Disable replication for bulk loaded data of a single table, when hbase.replication.bulkload.enabled is set to true.	disable_bulkload_replication 'peerId', 'Table name' Example: disable_bulkload_replication '1','t1'	If replication for bulk loaded data is enabled for the active cluster and real-time synchronization is enabled for a table, you can run this command to pause replication for bulk loaded data of the table. Run the list_peers command to view peerId in the standby cluster information. This parameter is available only in MRS 3.3.0 or later.

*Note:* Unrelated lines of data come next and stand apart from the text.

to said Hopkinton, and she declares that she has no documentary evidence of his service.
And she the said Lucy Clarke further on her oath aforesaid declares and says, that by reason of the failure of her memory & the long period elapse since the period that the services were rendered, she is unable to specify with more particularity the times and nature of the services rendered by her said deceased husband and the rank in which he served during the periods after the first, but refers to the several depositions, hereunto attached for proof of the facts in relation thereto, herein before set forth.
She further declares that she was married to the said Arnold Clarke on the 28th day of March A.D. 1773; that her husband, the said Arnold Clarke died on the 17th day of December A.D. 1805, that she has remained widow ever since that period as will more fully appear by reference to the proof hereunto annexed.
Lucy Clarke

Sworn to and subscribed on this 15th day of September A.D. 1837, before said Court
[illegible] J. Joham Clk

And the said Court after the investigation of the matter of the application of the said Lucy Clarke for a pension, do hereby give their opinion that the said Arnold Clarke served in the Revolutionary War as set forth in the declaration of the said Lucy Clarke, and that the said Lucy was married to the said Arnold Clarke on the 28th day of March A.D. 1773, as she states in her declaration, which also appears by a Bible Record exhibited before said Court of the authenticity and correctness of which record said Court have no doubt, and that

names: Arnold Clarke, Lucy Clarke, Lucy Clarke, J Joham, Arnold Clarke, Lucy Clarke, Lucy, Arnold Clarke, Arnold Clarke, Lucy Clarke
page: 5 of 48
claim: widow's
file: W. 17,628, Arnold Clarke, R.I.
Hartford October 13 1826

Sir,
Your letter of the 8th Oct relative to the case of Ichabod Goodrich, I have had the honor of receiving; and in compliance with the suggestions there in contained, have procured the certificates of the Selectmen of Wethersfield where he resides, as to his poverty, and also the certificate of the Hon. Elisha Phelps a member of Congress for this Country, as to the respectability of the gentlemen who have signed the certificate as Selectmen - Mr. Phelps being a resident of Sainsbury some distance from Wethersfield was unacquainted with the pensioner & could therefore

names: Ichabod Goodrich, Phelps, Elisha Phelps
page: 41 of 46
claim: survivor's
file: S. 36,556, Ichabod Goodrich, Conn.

Enable replication for bulk loaded data of a single table, when hbase.replication.bulkload.enabled is set to true.	enable_bulkload_replication 'peerId', 'Table name' Example: enable_bulkload_replication '1','t1'	Replication for bulk loaded data is enabled for the active cluster, and real-time synchronization is enabled for a table. You can run this command to resume replication for bulk loaded data of the table after the function is paused. Run the get_peer_config 'peerId' command to check the DR configuration of the standby cluster. If the value of a table name field that starts with BULREP_ is false, replication for bulk loaded data is disabled for the table. NOTE: This parameter is available only in MRS 3.3.0 or later. Data generated when replication for bulk loaded data is paused will not be synchronized after the function is resumed. It takes several minutes for this operation to take effect on the server. To prevent bulk loaded data loss caused by synchronization latency, ensure that "Update peer configs succeed." is printed in run logs on each RegionServer after this command is executed. Then, perform subsequent operations on the active cluster.